### [TO DO]
Your reply should be a faithful copy of the records below, free of pictures.

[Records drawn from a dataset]
·····

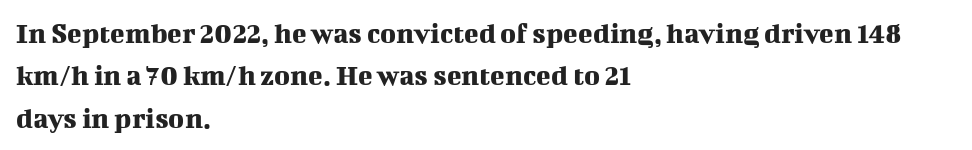
{"serif": "yes", "italic": "no", "width": "normal", "stroke_contrast": "medium", "x_height": "medium", "monospaced": "no", "underline": "no", "align": "left", "line_spacing": "normal", "line_spacing_ratio": 1.41, "letter_spacing": "normal", "letter_spacing_em": 0.0, "glyph_px": 30}
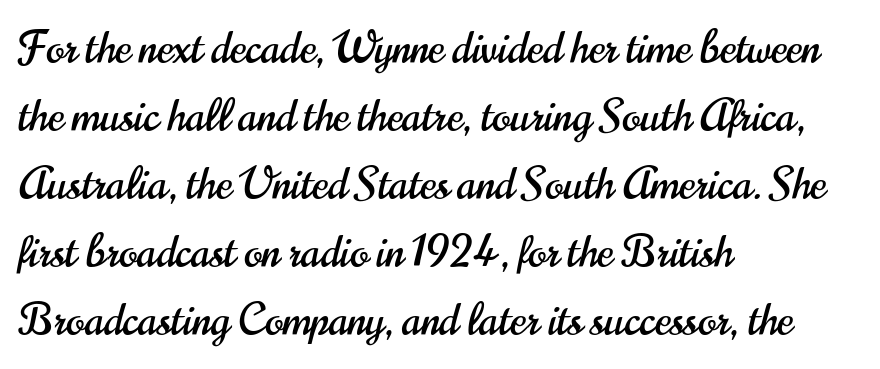
You could not count columns in this text — the font is proportionally spaced. The area under the type is left untouched. The rendering anchors every line to the left-hand side. Nope, no serifs anywhere on these letters. In terms of letterspacing, this is plain default setting.
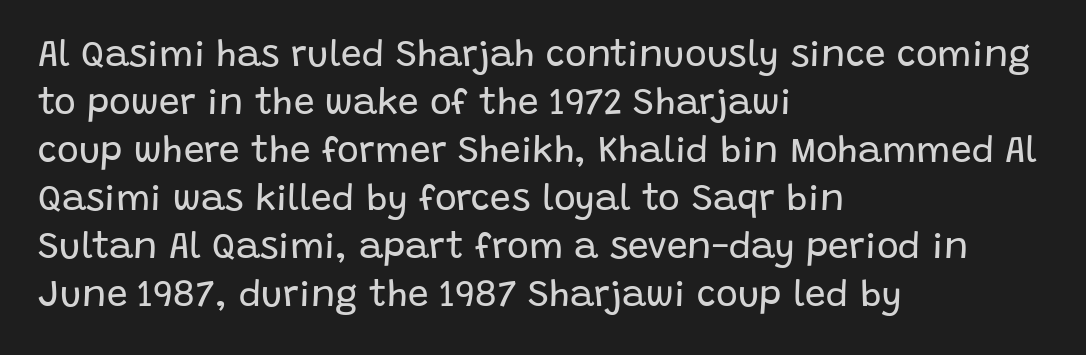
The image shows 37 px regular-weight sans-serif type, upright; set left-aligned, normal line spacing (1.3x), normal letter spacing, not underlined; low stroke contrast and a large x-height.
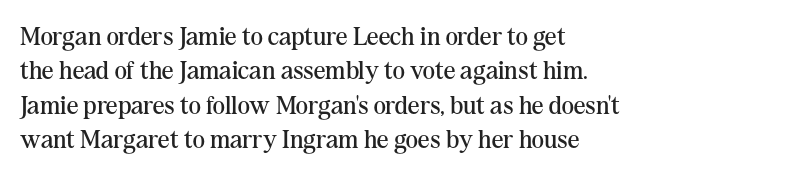
{"italic": "no", "bold": "no", "underline": "no", "align": "left", "line_spacing": "normal", "line_spacing_ratio": 1.32, "letter_spacing": "normal", "letter_spacing_em": 0.0, "glyph_px": 26}
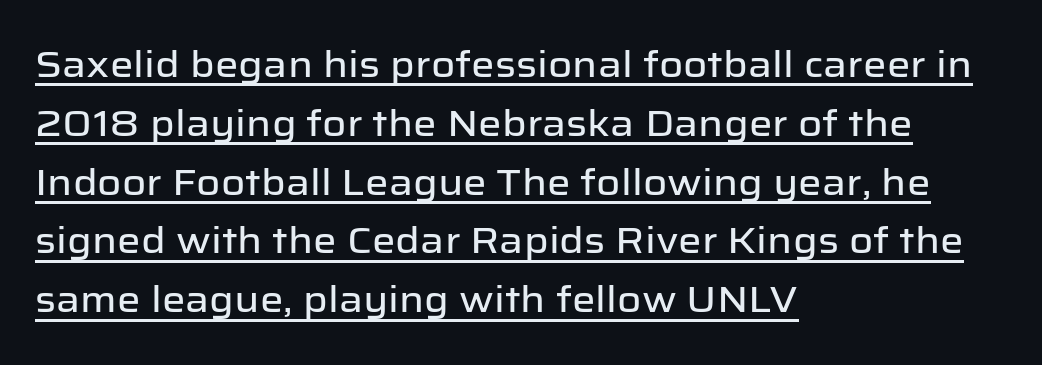
{"serif": "no", "italic": "no", "width": "normal", "stroke_contrast": "low", "x_height": "medium", "monospaced": "no", "underline": "yes", "align": "left", "line_spacing": "normal", "line_spacing_ratio": 1.59, "letter_spacing": "normal", "letter_spacing_em": 0.0, "glyph_px": 37}
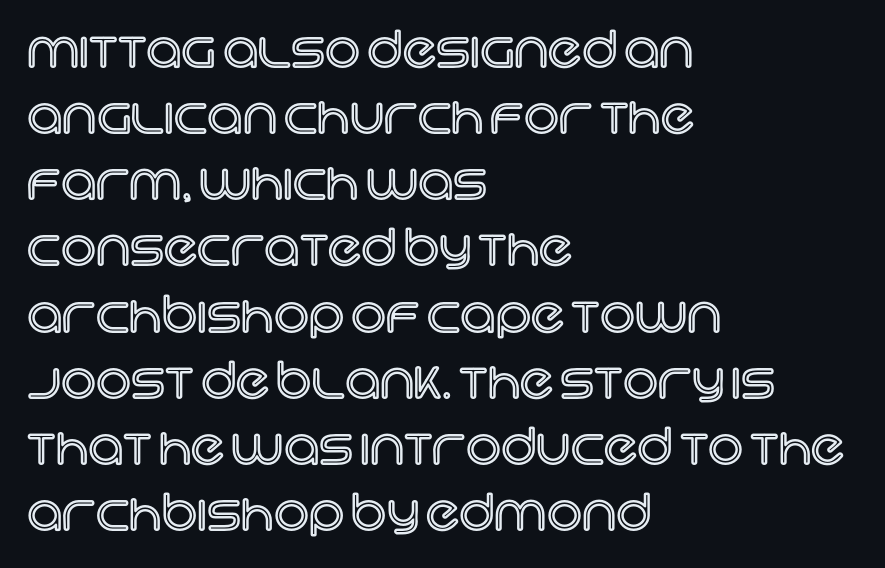
The image shows 49 px text type, upright; set left-aligned, normal line spacing (1.35x), normal letter spacing, not underlined; a large x-height.
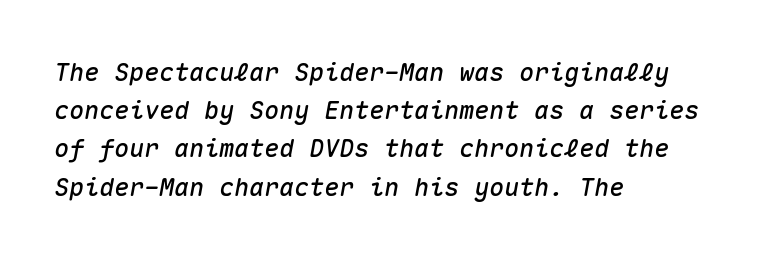
The image shows 25 px text type, italic (leaning right); set left-aligned, normal line spacing (1.53x), normal letter spacing, not underlined.
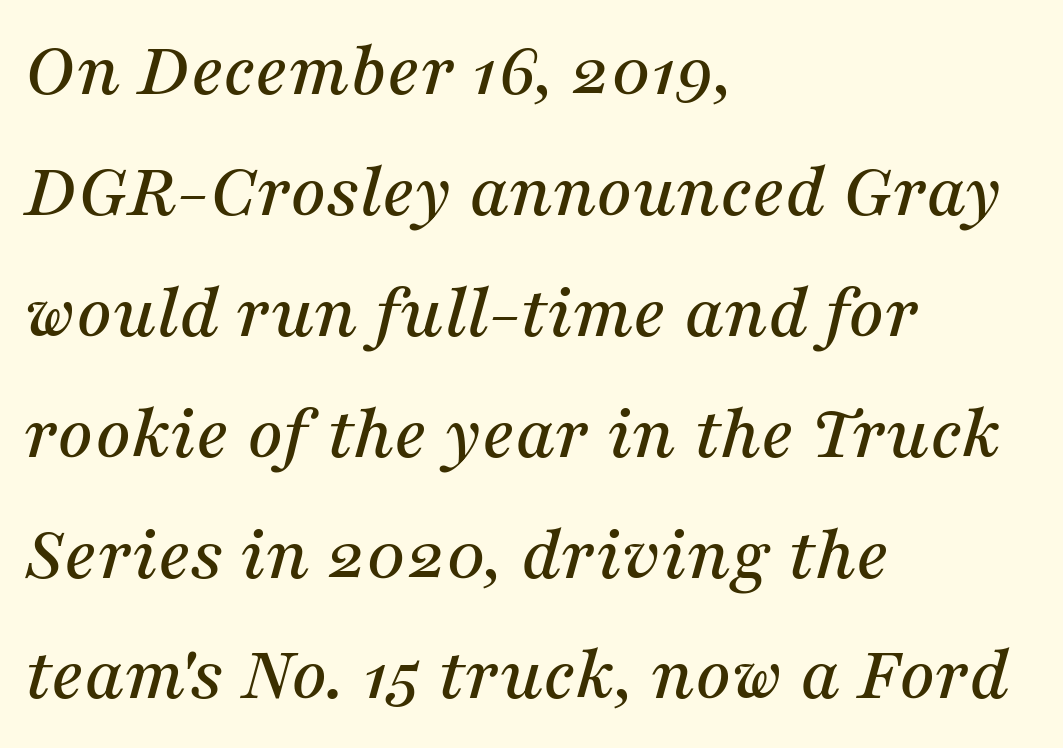
The foot of each line stays bare and open. Short note: letters normally spaced. The lines sit at an ordinary, default distance from one another. A typesetter would call this proportional, since set widths differ per character.
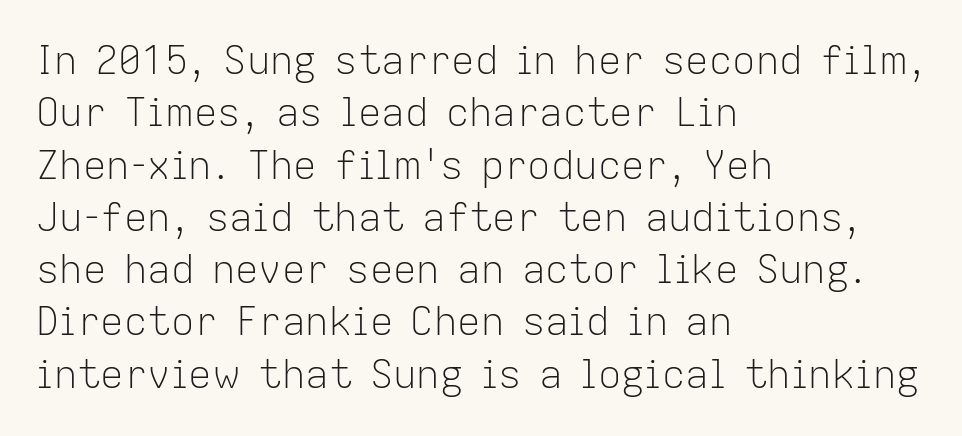
Does extra space separate the letters? No, they use regular spacing. A typesetter would mark this as roman, not italic. The line-height multiplier appears to be the usual default. This rendering features lettering with no underline.
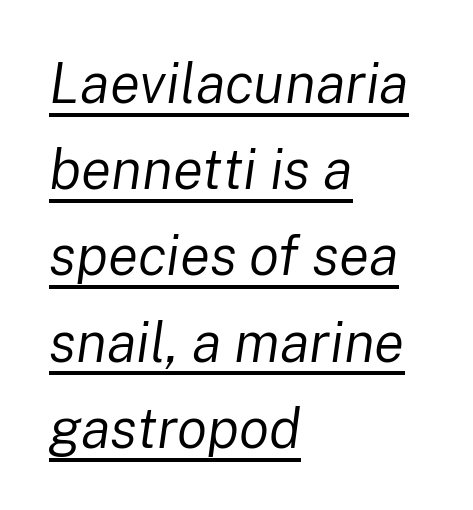
The image shows 56 px regular-weight type, italic (leaning right); set left-aligned, normal line spacing (1.54x), normal letter spacing, underlined; low stroke contrast and a medium x-height.
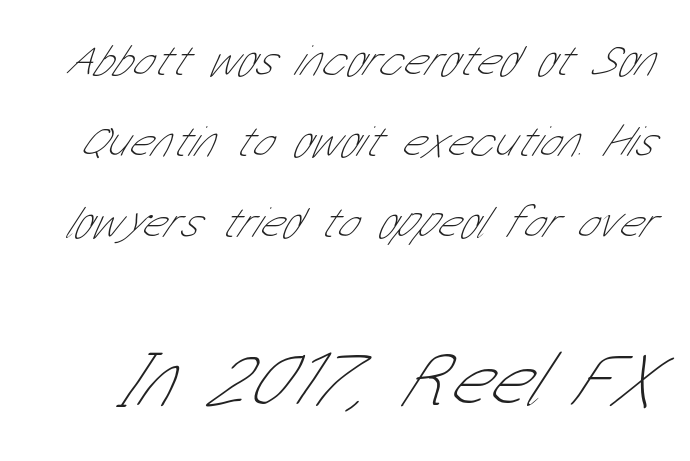
Of the two passages, the one underneath uses the larger point size. Standard letterfit; no display-style spreading of the glyphs. A clean baseline with only descenders dipping below it. Note the varied advance widths — an 'i' is clearly narrower than an 'm'. The letterforms sit at book weight or below.
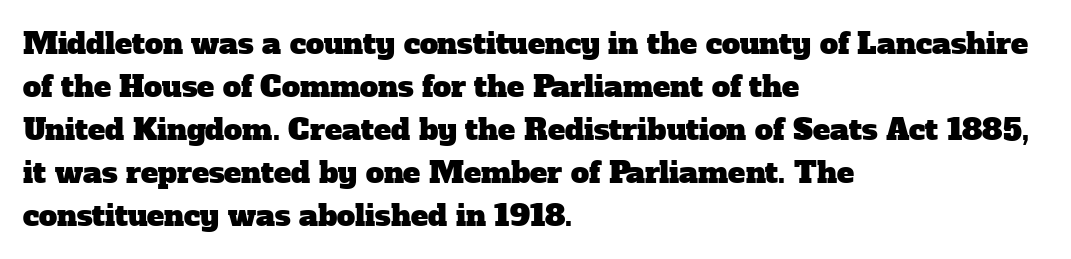
Q: Is the typeface a serif or a sans-serif typeface? A: Serif.
Q: Is the text underlined? A: No.
Q: How is the paragraph aligned? A: Left-aligned.
Q: Is the spacing between letters normal or unusually wide? A: Normal.
Q: Is the spacing between lines tight, normal or loose? A: Normal.
Q: Width (condensed, normal, or wide)? A: Normal.
Q: Stroke contrast? A: Low.
Q: x-height? A: Medium.
Q: Monospaced? A: No.
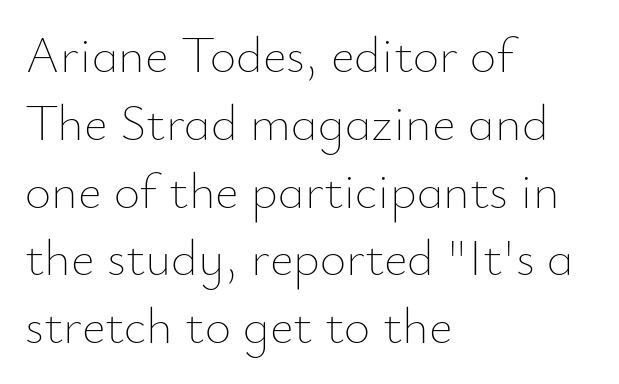
{"italic": "no", "bold": "no", "weight": "thin", "width": "normal", "stroke_contrast": "low", "x_height": "small", "monospaced": "no", "underline": "no", "align": "left", "line_spacing": "normal", "line_spacing_ratio": 1.33, "letter_spacing": "normal", "letter_spacing_em": 0.0, "glyph_px": 51}
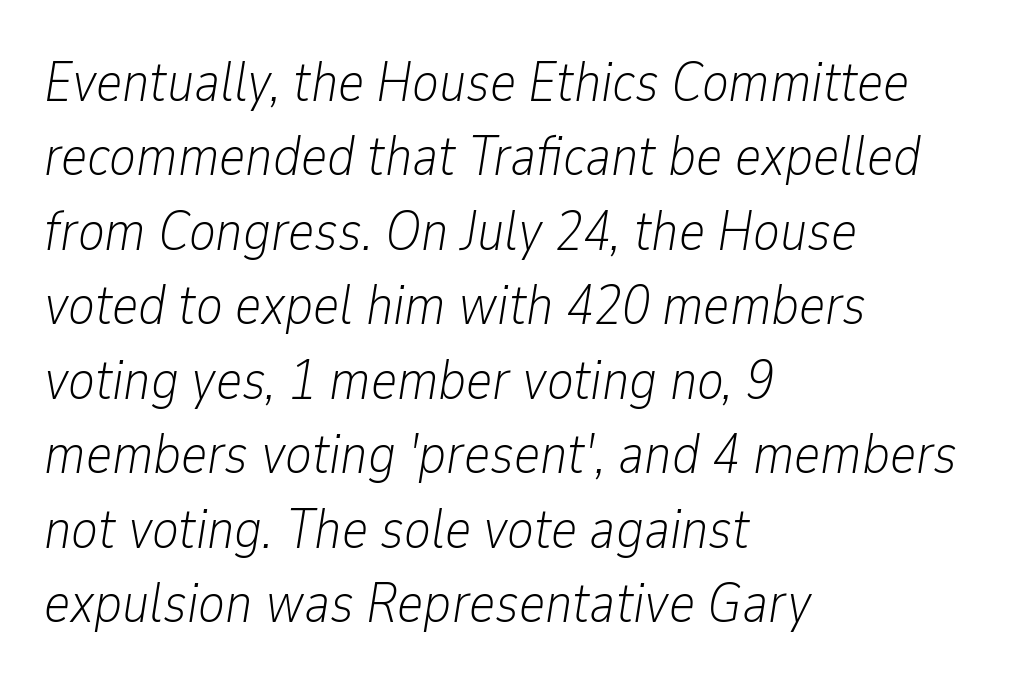
{"italic": "yes", "lean": "right", "slant_degrees": 9, "bold": "no", "weight": "light", "width": "condensed", "stroke_contrast": "low", "x_height": "medium", "monospaced": "no", "underline": "no", "align": "left", "line_spacing": "normal", "line_spacing_ratio": 1.33, "letter_spacing": "normal", "letter_spacing_em": 0.0, "glyph_px": 56}
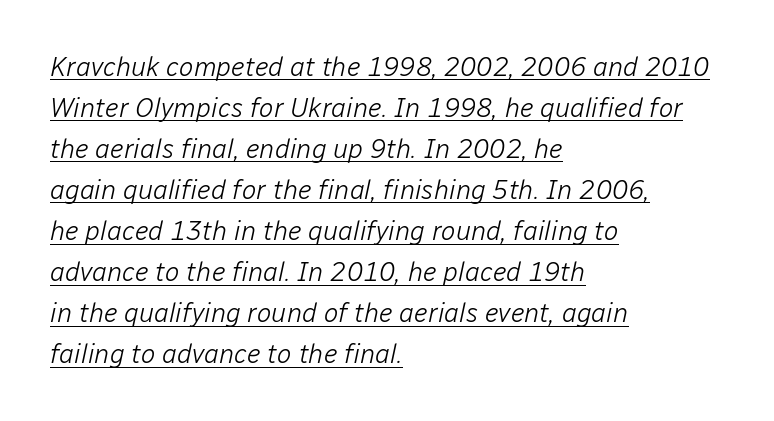
Q: Is the text bold? A: No.
Q: Is the text italic (slanted)? A: Yes, it leans right by about 12 degrees.
Q: Is the text underlined? A: Yes.
Q: How is the paragraph aligned? A: Left-aligned.
Q: Is the spacing between letters normal or unusually wide? A: Normal.
Q: Is the spacing between lines tight, normal or loose? A: Normal.
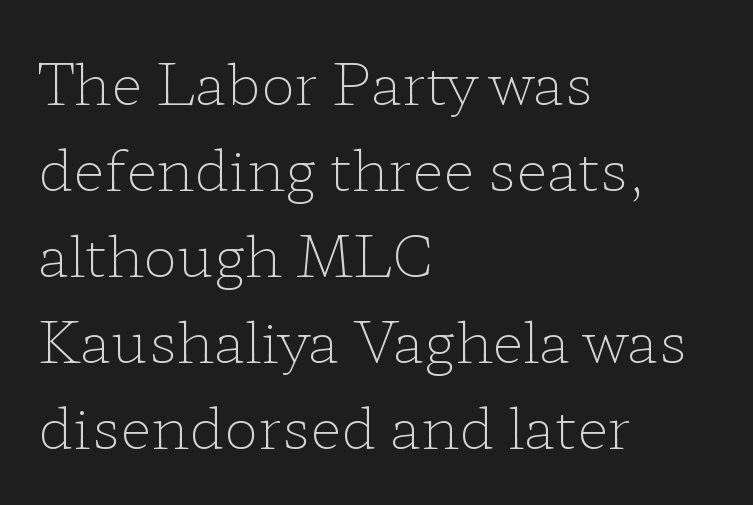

·····

### [TASK RESULT]
{"serif": "yes", "italic": "no", "width": "normal", "stroke_contrast": "medium", "x_height": "medium", "monospaced": "no", "underline": "no", "align": "left", "line_spacing": "normal", "line_spacing_ratio": 1.41, "letter_spacing": "normal", "letter_spacing_em": 0.0, "glyph_px": 30}
You could not count columns in this text — the font is proportionally spaced. The area under the type is left untouched. The rendering anchors every line to the left-hand side. Nope, no serifs anywhere on these letters. In terms of letterspacing, this is plain default setting.
The image shows 37 px regular-weight sans-serif type, upright; set left-aligned, normal line spacing (1.3x), normal letter spacing, not underlined; low stroke contrast and a large x-height.
{"italic": "no", "bold": "no", "underline": "no", "align": "left", "line_spacing": "normal", "line_spacing_ratio": 1.32, "letter_spacing": "normal", "letter_spacing_em": 0.0, "glyph_px": 26}
{"serif": "no", "italic": "no", "width": "normal", "stroke_contrast": "low", "x_height": "medium", "monospaced": "no", "underline": "yes", "align": "left", "line_spacing": "normal", "line_spacing_ratio": 1.59, "letter_spacing": "normal", "letter_spacing_em": 0.0, "glyph_px": 37}
The image shows 49 px text type, upright; set left-aligned, normal line spacing (1.35x), normal letter spacing, not underlined; a large x-height.
The image shows 25 px text type, italic (leaning right); set left-aligned, normal line spacing (1.53x), normal letter spacing, not underlined.
The foot of each line stays bare and open. Short note: letters normally spaced. The lines sit at an ordinary, default distance from one another. A typesetter would call this proportional, since set widths differ per character.
Does extra space separate the letters? No, they use regular spacing. A typesetter would mark this as roman, not italic. The line-height multiplier appears to be the usual default. This rendering features lettering with no underline.
The image shows 56 px regular-weight type, italic (leaning right); set left-aligned, normal line spacing (1.54x), normal letter spacing, underlined; low stroke contrast and a medium x-height.
Of the two passages, the one underneath uses the larger point size. Standard letterfit; no display-style spreading of the glyphs. A clean baseline with only descenders dipping below it. Note the varied advance widths — an 'i' is clearly narrower than an 'm'. The letterforms sit at book weight or below.
Q: Is the typeface a serif or a sans-serif typeface? A: Serif.
Q: Is the text underlined? A: No.
Q: How is the paragraph aligned? A: Left-aligned.
Q: Is the spacing between letters normal or unusually wide? A: Normal.
Q: Is the spacing between lines tight, normal or loose? A: Normal.
Q: Width (condensed, normal, or wide)? A: Normal.
Q: Stroke contrast? A: Low.
Q: x-height? A: Medium.
Q: Monospaced? A: No.
{"italic": "no", "bold": "no", "weight": "thin", "width": "normal", "stroke_contrast": "low", "x_height": "small", "monospaced": "no", "underline": "no", "align": "left", "line_spacing": "normal", "line_spacing_ratio": 1.33, "letter_spacing": "normal", "letter_spacing_em": 0.0, "glyph_px": 51}
{"italic": "yes", "lean": "right", "slant_degrees": 9, "bold": "no", "weight": "light", "width": "condensed", "stroke_contrast": "low", "x_height": "medium", "monospaced": "no", "underline": "no", "align": "left", "line_spacing": "normal", "line_spacing_ratio": 1.33, "letter_spacing": "normal", "letter_spacing_em": 0.0, "glyph_px": 56}
Q: Is the text bold? A: No.
Q: Is the text italic (slanted)? A: Yes, it leans right by about 12 degrees.
Q: Is the text underlined? A: Yes.
Q: How is the paragraph aligned? A: Left-aligned.
Q: Is the spacing between letters normal or unusually wide? A: Normal.
Q: Is the spacing between lines tight, normal or loose? A: Normal.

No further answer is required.